Dear Hyapatia,
My girlfriend has one of the hottest bodies of anyone I have ever dated. I try not to be rude and stare at her when I know it makes her uncomfortable, but she likes to look good and sometimes I can’t help myself. One of my favorite things to do is to roll up a joint and sit in the bedroom with the lights down low and smoke with her, while she is wearing nothing but her bra and panties. I could easily sit next to her and run my hands all over her body while we get high, but I recently started sitting across from her so I could get a better view. I asked her to rub her breasts and play with herself a little. It got me so excited. I just wanted to let people know that taking some extra time to admire the one you are with while you are getting high can make sex even better. — Pablo
Dear Pablo,
Thank you for sharing. My guess is that she has just as much fun admiring your body. Women enjoy a good show just as much as guys do, and taking the time to visually appreciate each other before sex, especially while relaxing with some good weed, makes it that much more exciting. Anticipation can enhance our experiences tremendously. I am sure she loves the way you make her feel.
Dear Hyapatia,
I live with my boyfriend, and we have a great sex life. He loves to join me in the shower for sex. At first, I thought this was wonderful. It is very romantic and a loving way to start the day. Then I started to get irritated, you know, down there. The more often we have sex in the shower, the more irritated I get. Why is that? — Janice
Dear Janice,
Many people think water is a good lubricant, but it is not. If you get your arm wet and rub your hand over it a few times while pressing down, you will see that this provides more friction than a good oil-based lubricant. In the shower, we use soaps and shampoos that change the PH balance of sensitive skin and rob it of essential oils. Just like our growing cannabis plants require the proper PH for nutrient absorption, we can become uncomfortable and even susceptible to yeast infections if our delicate tissues aren’t properly cared for.

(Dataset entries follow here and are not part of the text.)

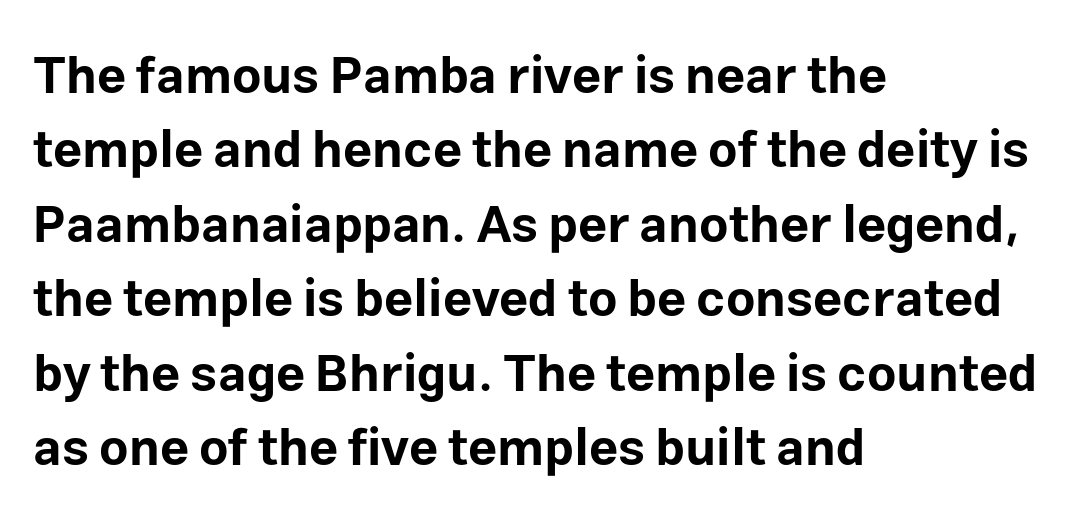
{"serif": "no", "italic": "no", "bold": "yes", "weight": "bold", "width": "normal", "stroke_contrast": "low", "x_height": "medium", "monospaced": "no", "underline": "no", "align": "left", "line_spacing": "normal", "line_spacing_ratio": 1.46, "letter_spacing": "normal", "letter_spacing_em": 0.0, "glyph_px": 51}
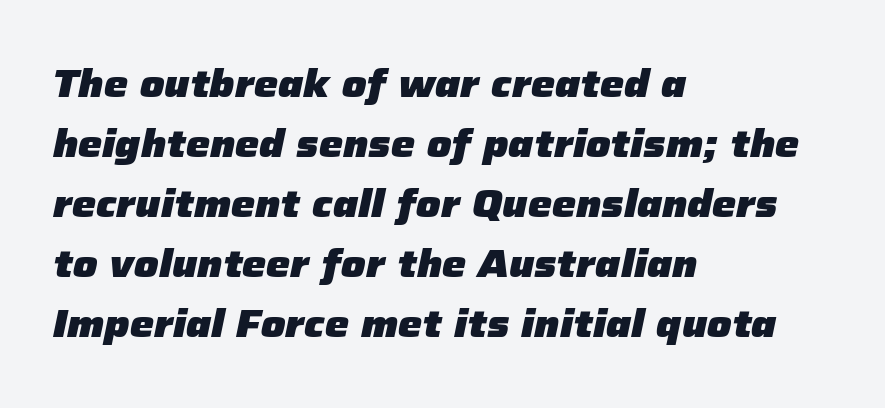
Plain, unruled lines of type. Note the varied advance widths — an 'i' is clearly narrower than an 'm'. Does the leading feel generous? No, just average. Line beginnings align vertically; line endings do not. Tracking value appears to be zero — textbook default spacing. The glyphs have the mass of a bold cut.
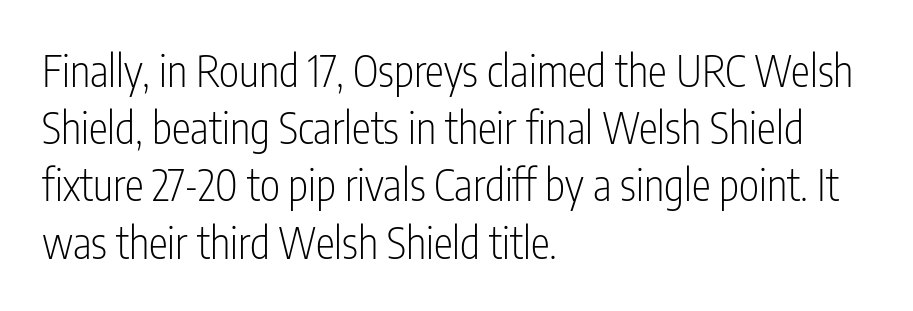
Q: Is the text bold? A: No.
Q: Is the text italic (slanted)? A: No, it is upright.
Q: Is the typeface a serif or a sans-serif typeface? A: Sans-serif.
Q: Is the text underlined? A: No.
Q: How is the paragraph aligned? A: Left-aligned.
Q: Is the spacing between letters normal or unusually wide? A: Normal.
Q: Is the spacing between lines tight, normal or loose? A: Normal.
Q: Width (condensed, normal, or wide)? A: Condensed.
Q: Stroke contrast? A: Low.
Q: x-height? A: Medium.
Q: Monospaced? A: No.
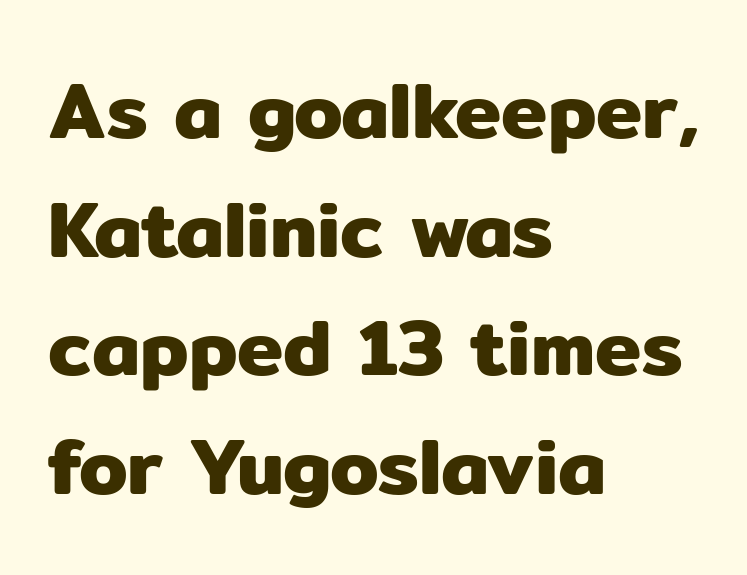
{"serif": "no", "italic": "no", "width": "normal", "stroke_contrast": "low", "x_height": "medium", "monospaced": "no", "underline": "no", "align": "left", "line_spacing": "normal", "line_spacing_ratio": 1.52, "letter_spacing": "normal", "letter_spacing_em": 0.0, "glyph_px": 78}
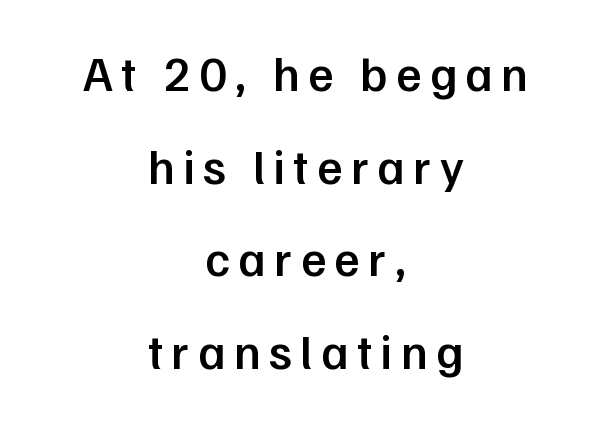
Q: Is the text bold? A: Semi-bold.
Q: Is the text italic (slanted)? A: No, it is upright.
Q: Is the typeface a serif or a sans-serif typeface? A: Sans-serif.
Q: Is the text underlined? A: No.
Q: How is the paragraph aligned? A: Centered.
Q: Width (condensed, normal, or wide)? A: Normal.
Q: Stroke contrast? A: Low.
Q: x-height? A: Medium.
Q: Monospaced? A: No.
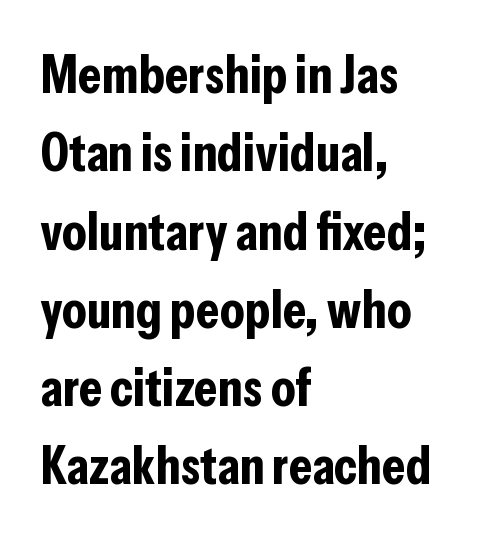
Q: Is the text bold? A: Yes.
Q: Is the text italic (slanted)? A: No, it is upright.
Q: Is the typeface a serif or a sans-serif typeface? A: Sans-serif.
Q: Is the text underlined? A: No.
Q: How is the paragraph aligned? A: Left-aligned.
Q: Is the spacing between letters normal or unusually wide? A: Normal.
Q: Is the spacing between lines tight, normal or loose? A: Normal.
Q: Width (condensed, normal, or wide)? A: Condensed.
Q: Stroke contrast? A: Low.
Q: x-height? A: Medium.
Q: Monospaced? A: No.
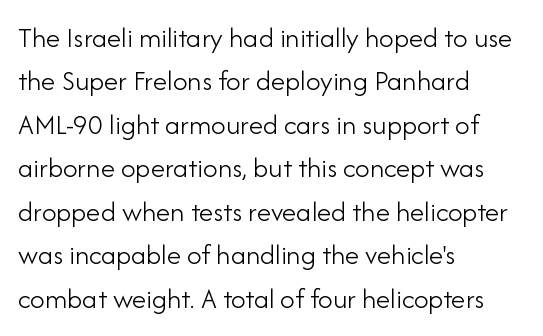
The image shows 29 px light sans-serif type, upright; set left-aligned, normal line spacing (1.5x), normal letter spacing, not underlined; low stroke contrast and a small x-height.
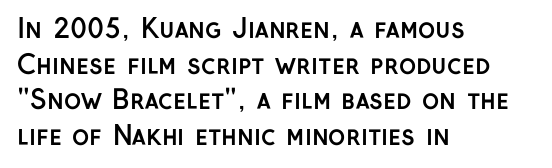
The image shows 26 px bold type, upright; set left-aligned, normal line spacing (1.37x), normal letter spacing, not underlined.
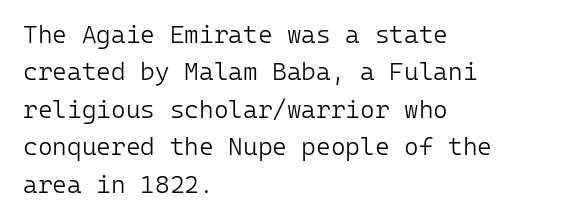
The image shows 25 px text type, upright; set left-aligned, normal line spacing (1.5x), normal letter spacing, not underlined.

Sex in the shower may be okay now and then, depending on your personal level of sensitivity and provided that you are sure to keep away from products that are not meant for intimate use.
Dear Hyapatia,
I’m in love with Mary Jane. I have had many girlfriends but none that compare to how I love my weed. Only weed makes me calm down, laugh and be able to let go of my anger and frustration. Why can’t girls be like that? Pot makes sex better, sure, but it does so much more for me. Without it, I am mad almost all the time and have no patience. I would give up weed if I could find a girl that could make me feel this way. —Marcus
Dear Marcus,
Pot allows us to see things in a different light. It helps us to go within and see the bigger picture where the frustrations of the day aren’t that important. No other person can do that for us. Only we can do that for ourselves. Pot just makes it easier by focusing our breathing, slowing our heart rate and putting us in a frame of mind where some things don’t matter quite as much. That is why it can enhance the sexual experience. It allows us to turn down that nagging voice in our heads that reminds us of all the pain in the world, our own personal suffering and inadequacies or any other distractions that may be keeping us from being fully immersed in the present moment.
Dear Hyapatia,
We had a rough Christmas. Money is tight ,and we tried our best to give each other a nice holiday but it was one thing after another. I had a minor fender bender, then our water heater went out and the insurance company was closed over the holiday. It really sucked. He ended up putting the new water heater in over the New Year, and I wanted to show him some appreciation. Last weekend, I got my chance. I couldn’t afford much smoke, but I found some pretty good quality stuff and rolled it up in a blunt. When he came home from work, I had dinner ready for us and when I brought out that blunt after we finished eating, his eyes lit up. We have only been able to afford small bowls for a couple of months. We were wasted about a third of the way through, and then I told him I had another surprise. I took him to the bedroom, where I showed him some lubricants I had. One gives you a warm feeling. We tried them both out and after some great sex, we hit the rest of the blunt. We both slept really well that night! — Melissa
Dear Melissa,
When we are in a relationship, we face life together. I believe that when we go through a rough time in life, it is our job to reward each other for being supportive and responsible. That is exactly what you did. It is especially nice when that reward can satisfy both of you simultaneously! Congratulations on finally getting to enjoy the holidays.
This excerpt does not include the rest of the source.